Source information ▸
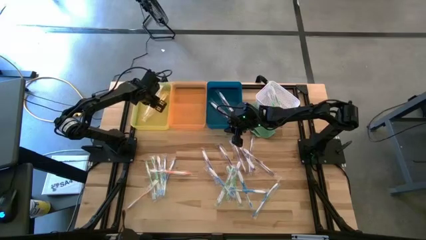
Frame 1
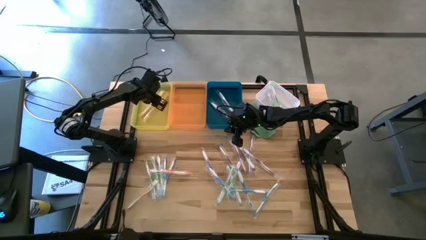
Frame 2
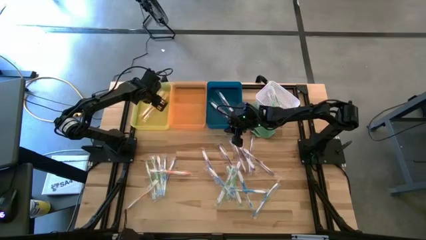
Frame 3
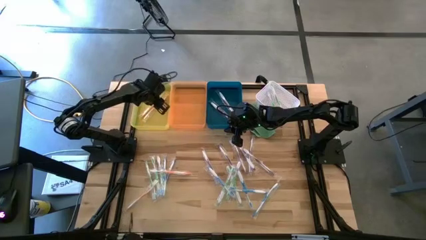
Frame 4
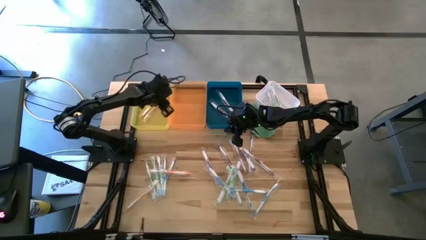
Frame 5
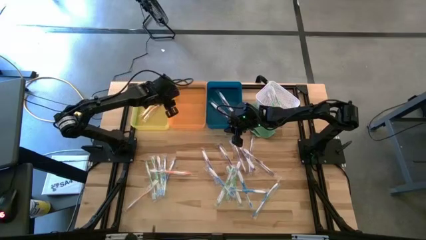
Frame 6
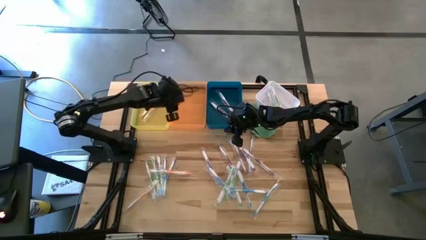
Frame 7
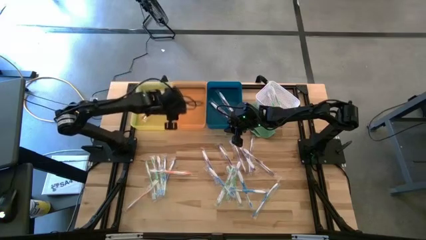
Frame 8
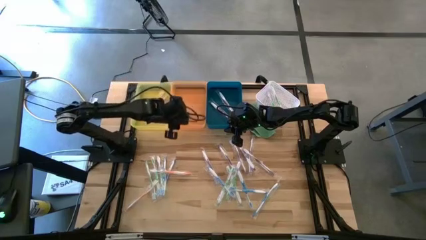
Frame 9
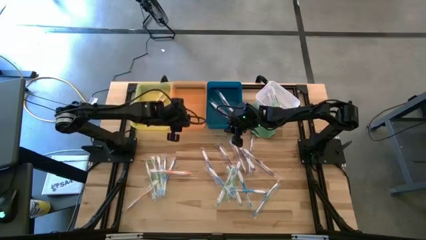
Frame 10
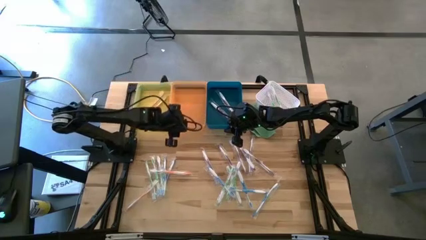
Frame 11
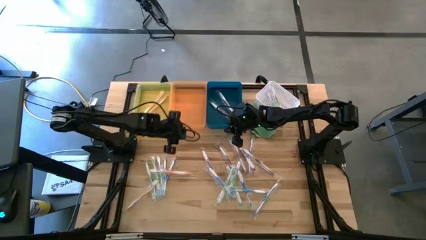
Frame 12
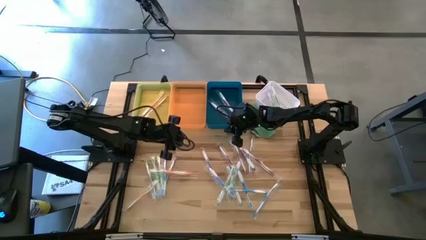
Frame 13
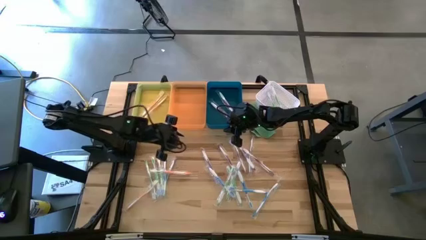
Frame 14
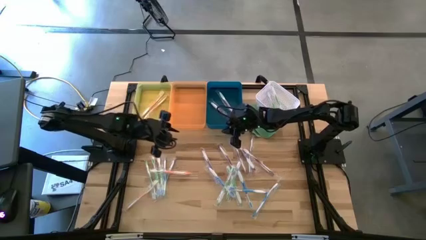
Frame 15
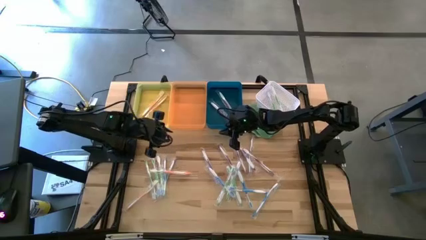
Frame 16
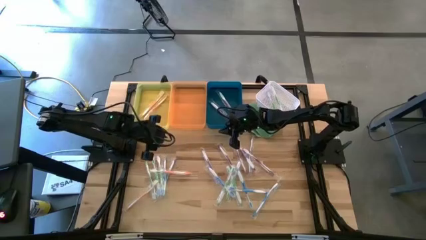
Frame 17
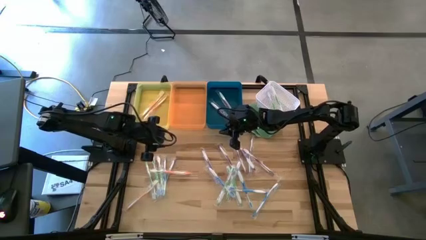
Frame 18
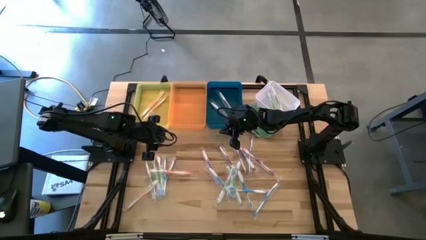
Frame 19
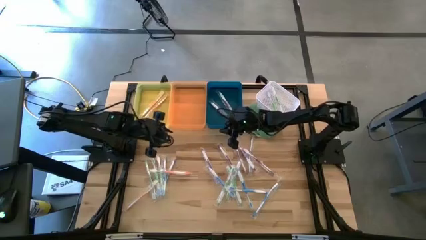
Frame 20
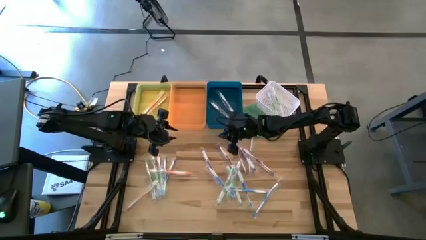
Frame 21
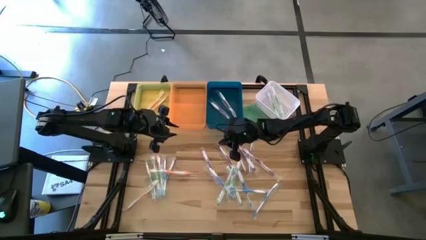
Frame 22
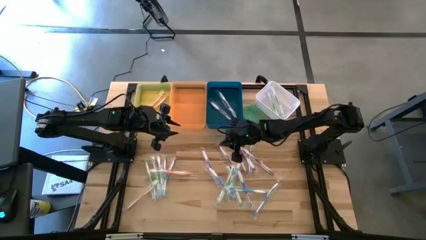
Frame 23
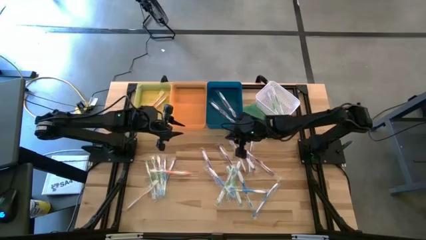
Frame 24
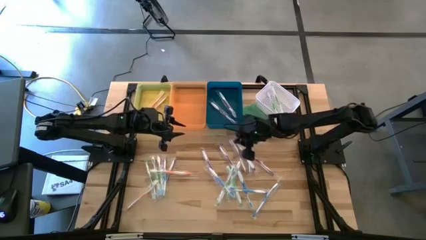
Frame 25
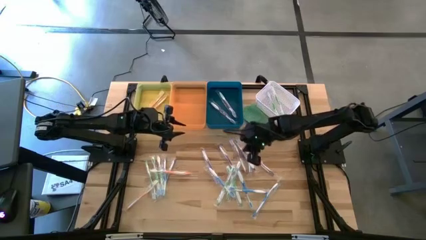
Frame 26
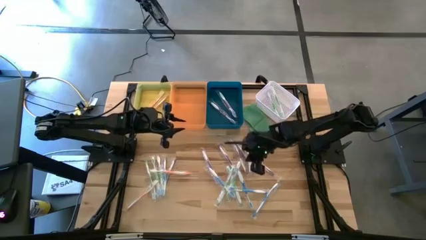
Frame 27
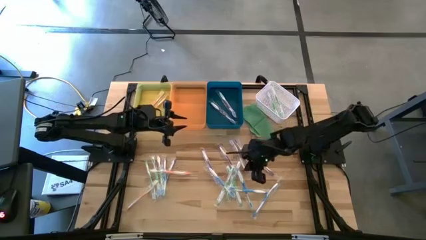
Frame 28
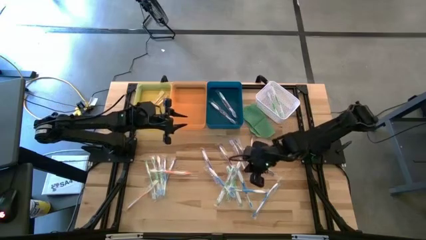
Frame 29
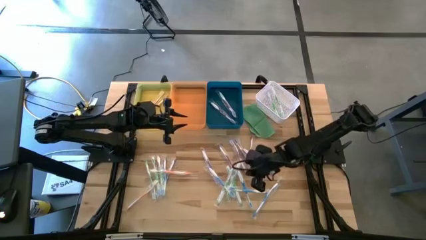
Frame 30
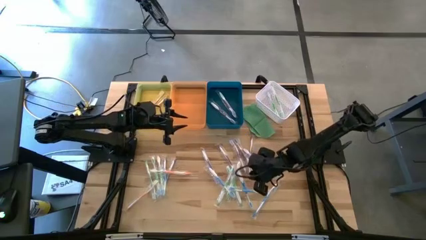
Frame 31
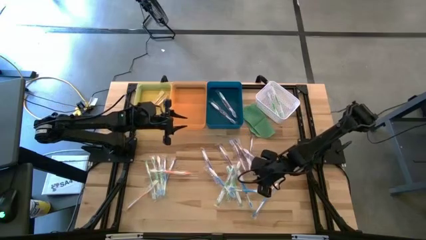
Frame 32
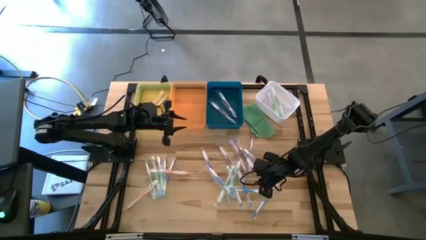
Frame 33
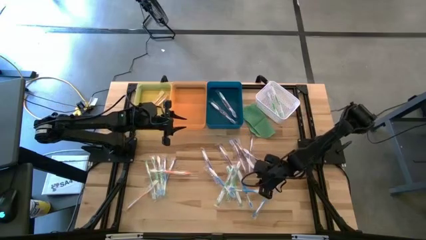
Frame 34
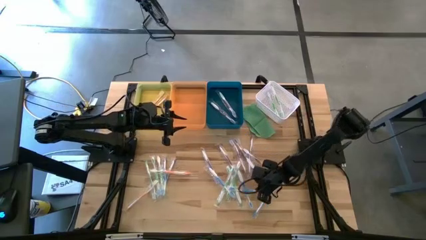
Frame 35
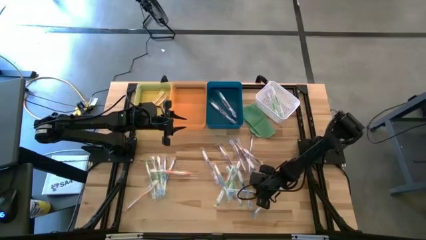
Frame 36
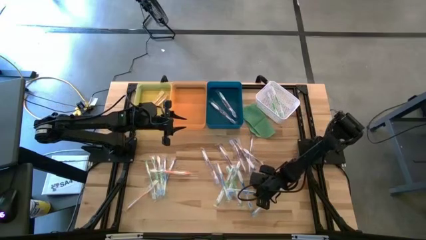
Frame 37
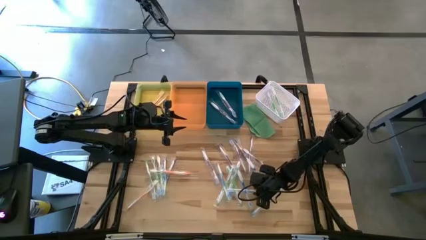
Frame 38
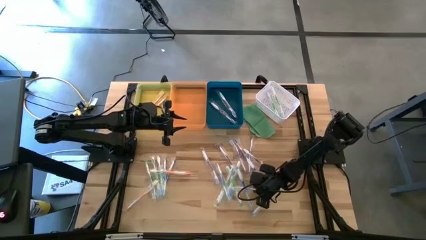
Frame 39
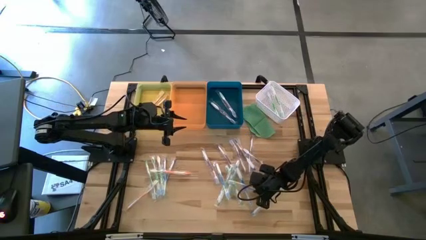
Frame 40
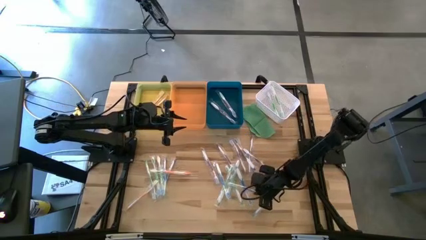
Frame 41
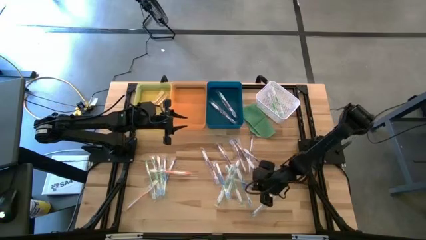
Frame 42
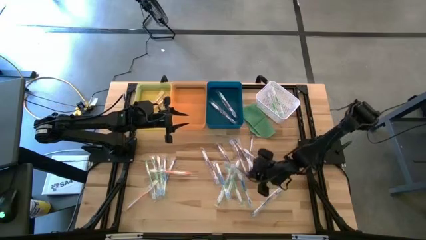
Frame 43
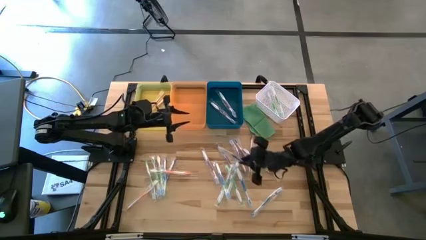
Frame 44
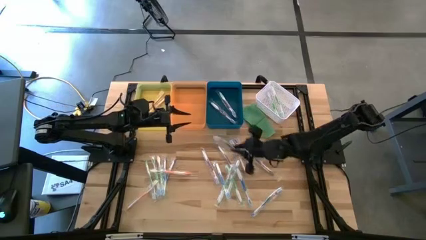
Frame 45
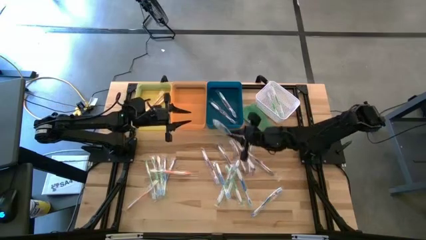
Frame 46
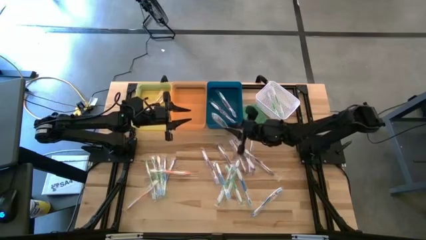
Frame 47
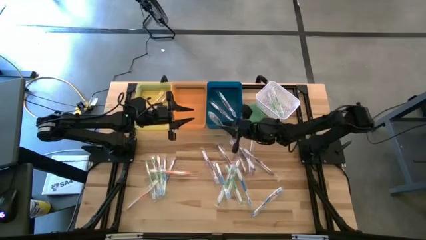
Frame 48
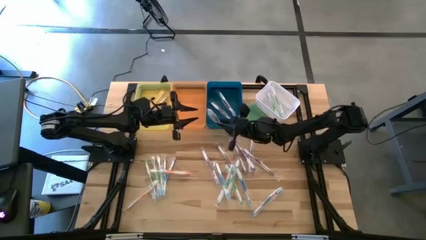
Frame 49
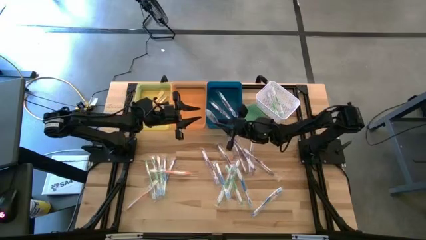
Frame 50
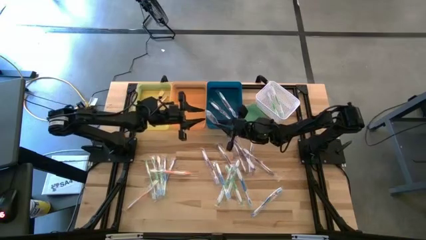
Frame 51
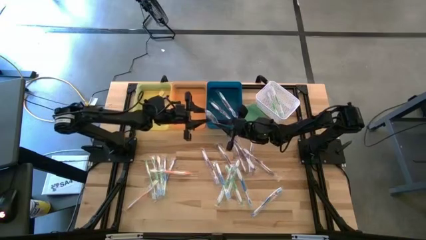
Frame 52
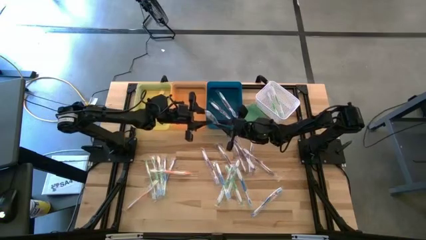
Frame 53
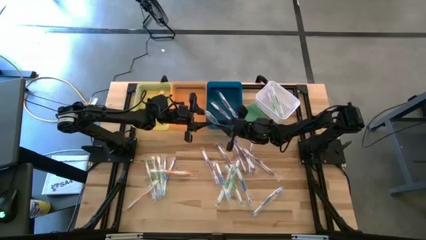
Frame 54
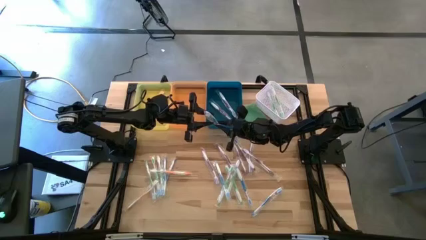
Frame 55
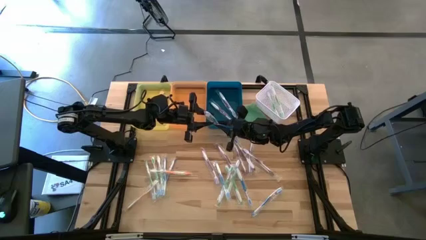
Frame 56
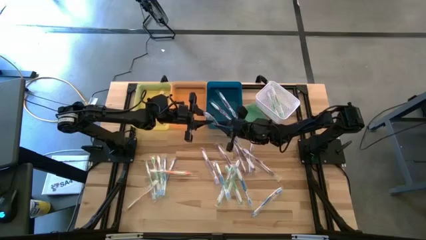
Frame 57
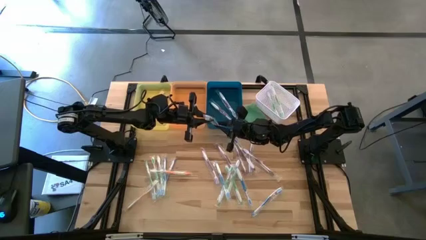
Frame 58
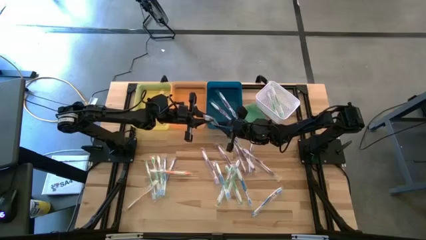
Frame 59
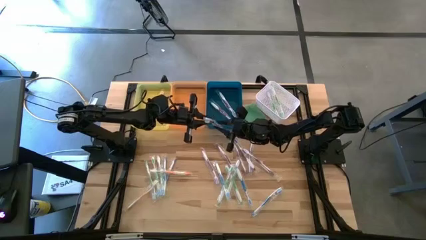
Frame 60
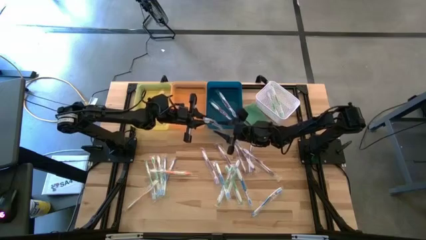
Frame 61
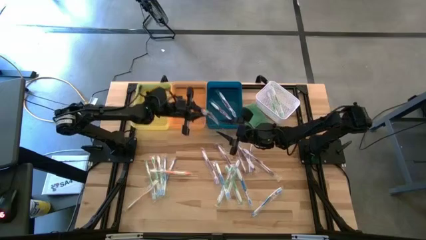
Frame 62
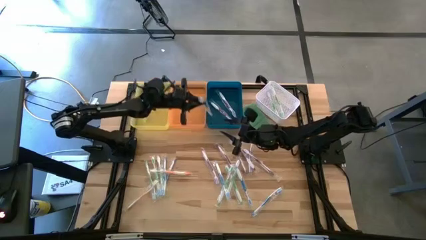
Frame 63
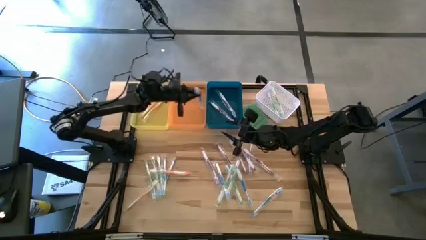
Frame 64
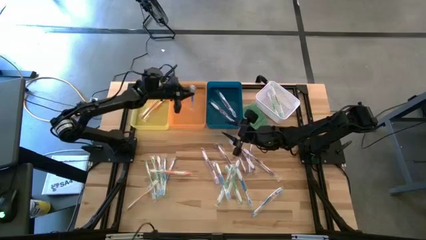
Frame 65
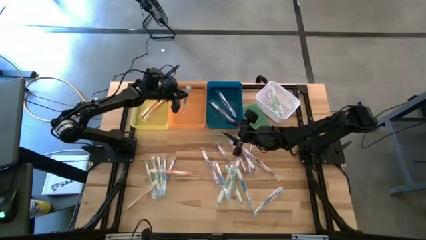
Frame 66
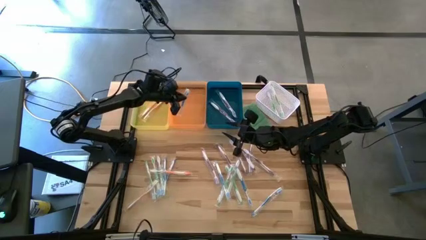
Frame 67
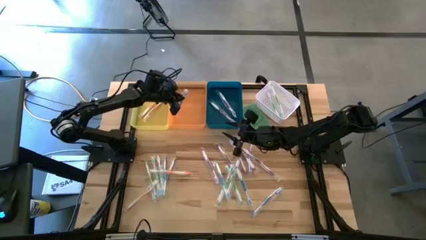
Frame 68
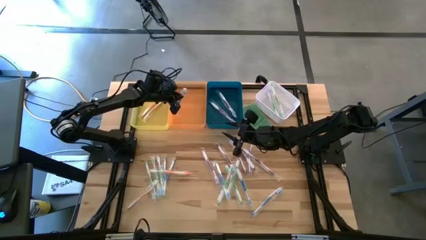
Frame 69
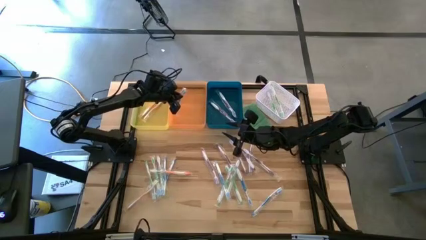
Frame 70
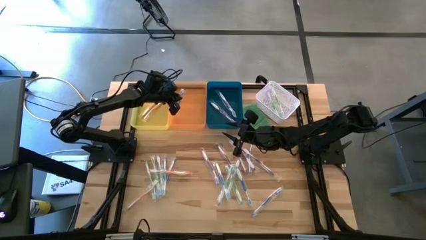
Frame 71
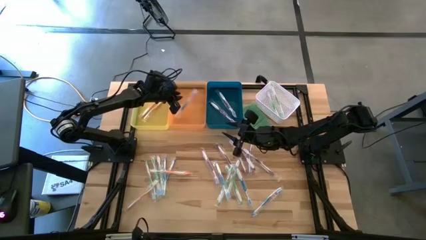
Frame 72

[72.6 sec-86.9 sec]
Task: Pick & Place Toothbrushes
Put the blue toothbrush into the orange bin

About this task ▸ Quote the records above in full, dropping each picture.

Result for this exercise ▸
Frame 1
Frame 2
Frame 3
Frame 4
Frame 5
Frame 6
Frame 7
Frame 8
Frame 9
Frame 10
Frame 11
Frame 12
Frame 13
Frame 14
Frame 15
Frame 16
Frame 17
Frame 18
Frame 19
Frame 20
Frame 21
Frame 22
Frame 23
Frame 24
Frame 25
Frame 26
Frame 27
Frame 28
Frame 29
Frame 30
Frame 31
Frame 32
Frame 33
Frame 34
Frame 35
Frame 36
Frame 37
Frame 38
Frame 39
Frame 40
Frame 41
Frame 42
Frame 43
Frame 44
Frame 45
Frame 46
Frame 47
Frame 48
Frame 49
Frame 50
Frame 51
Frame 52
Frame 53
Frame 54
Frame 55
Frame 56
Frame 57
Frame 58
Frame 59
Frame 60
Frame 61
Frame 62
Frame 63
Frame 64
Frame 65
Frame 66
Frame 67
Frame 68
Frame 69
Frame 70
Frame 71
Frame 72

[72.6 sec-86.9 sec]
Task: Pick & Place Toothbrushes
Put the blue toothbrush into the orange bin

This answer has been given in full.